Magdalena Fręch (52. WTA) nieźle rozpoczęła turniej WTA 250 w Nottingham i w pierwszej rundzie pokonała Nao Hibino (95. WTA) 6:1, 6:4. Polka w turnieju została rozstawiona z numerem piątym i z pewnością liczyła na dobre wyniki również w kolejnej rundzie. W drugim meczu trafiła jednak na trudną rywalkę i właściwie sąsiadkę ze światowego rankingu – Tatjanę Marię (56. WTA).
Niemka w pierwszej rundzie miała spore problemy z niżej notowaną Emilianą Arango (120. WTA) i wygrała spotkanie po trzech setach w 3,5 godziny. Nie oznaczało to jednak, że to Fręch będzie faworytką starcia, bo przecież Maria w przeszłości udowodniła, że potrafi grać na trawie. Potwierdza to m.in. półfinał Wimbledonu, do którego dotarła w 2022 roku.

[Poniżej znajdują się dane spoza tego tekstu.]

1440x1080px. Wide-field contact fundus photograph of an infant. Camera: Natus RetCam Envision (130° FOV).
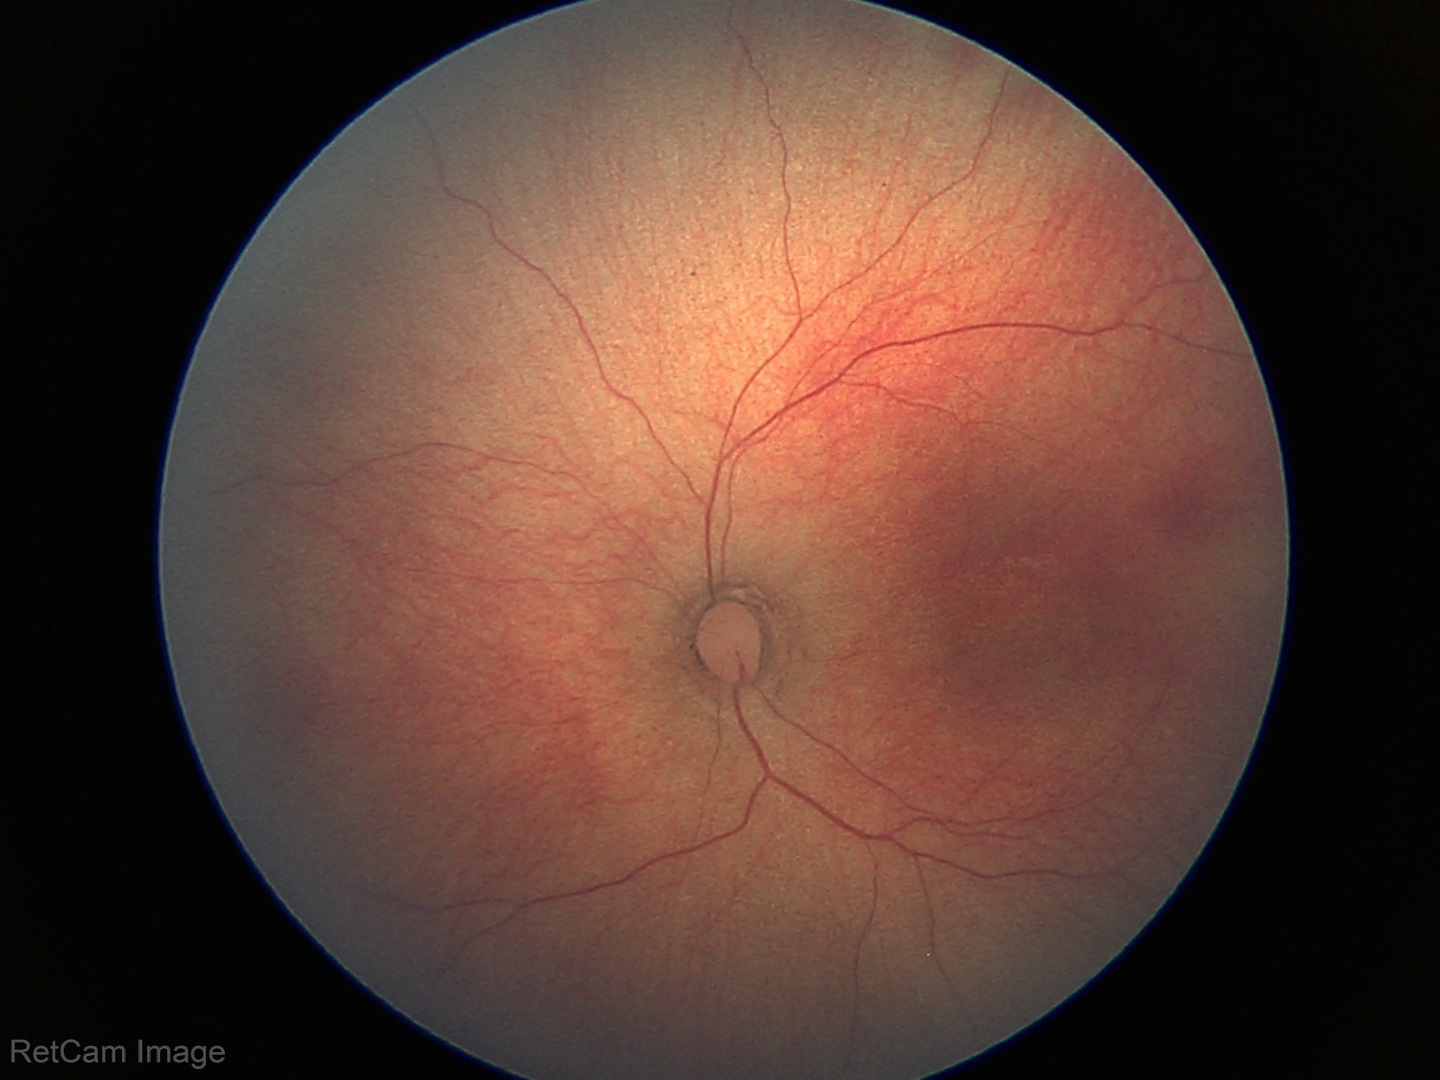
Screening: physiological retinal finding.

Niestety dobra gra Niemki potwierdziła się już od początku pierwszego seta. Już przy pierwszym podaniu Polka miała spore problemy i wyszarpała punkt po długiej grze na przewagi. Maria trzymała swoj serwis, a Fręch przełamała już w drugim podaniu i szybko prowadziła 4:1. Polce udawało się niewiele i popełniała mnóstwo niewymuszonych błędów.
Świetnie widzieliśmy to przy jej trzecim serwisie, kiedy to prowadziła 40:0, a i tak wygrała gema dopiero po długiej grze na przewagi. Maria potrafiła wygrywać podania do zera i zrobiła to aż dwukrotnie, dzięki czemu wyszła na prowadzenie 5:2. Przy nim wygrywała 40:15, ale nie wykorzystała dwóch break-pointów i znowu oglądaliśmy grę na przewagi.
W niej łodzianka pierwszy raz zagrała asa serwisowego, a chwilę później zdołała wygrać. W następnym gemie krzyczała juz jednak: „Nie graj przebijanek. K***. To dlatego, że niepotrzebnie wchodziła w gierki Niemki i przegrywała długie wymiany. Finalnie przegrała gema do 15, a pierwszego seta 3:6.
Na początku drugiego seta Fręch znowu musiała ciężko pracować, by wygrać kazdą piłkę. Przy pierwszym podaniu popełniła sporo błędów, ale po obronieniu aż ośmiu break-pointów wyszła na prowadzenie 1:0. Ku zaskoczeniu Polka świetnie spisała się przy następnym podaniu rywalki i pierwszy raz w tym meczu zdołała ja przełamać.
Chwilę później było już 3:0 po kolejnym udanym podaniu 52. zawodniczki świata. Przy tym wyniku Maria ustabilizowała swoją grę, a Fręch nieco zwolniła tempo. Niestety miało to konsekwencje w siódmym gemie, w którym Polka oddała swoje podanie i pozwoliła rywalce zaliczyć przełamanie powrotne na 3:4. Nie dała jej jednak doprowadzić, bo remisu, bo w niezwykle długim gemie na 24 punkty znowu przełamała i prowadziła 5:3.
Na szczęście już w kolejnym podaniu udało jej się doprowadzić partię do końca, a mecz do wyniku 1-1. Trzecia partia kapitalnie rozpoczęła się dla Fręch, która po dość długim okresie gry na przewagi wykorzystała słabe zagranie forhendem Niemki i doprowadziła do przełamania. Potem wygrała kolejny gem, zresztą już czwarty z rzędu i postawiła rywalkę w niekomfortowej sytuacji.
Ale Maria utrzymała podanie i jej strata była niewielka. Polka potrafiła skorzystać z tego, że zmęczona i będąca pod presją rywalka popełniała sporo błędów. Gładko utrzymała podanie, a następnie znowu przełamała Niemkę i prowadziła już 4:1. Duże wrażenie robiły jej kolejne udane passing shoty. 26-latka już do końca spotkania nie spuściła z tonu i wygrała 6:1.
Ostatnia partia trwała zaledwie 34 minuty, podczas gdy cały mecz 144 minuty. W ćwierćfinale Magdalena Fręch zmierzy się z Katie Boulter (30. WTA), która w drugiej rundzie bez większych problemów pokonała Rebeccę Marino (157. WTA) 6:4, 6:4 w nieco ponad godzinę.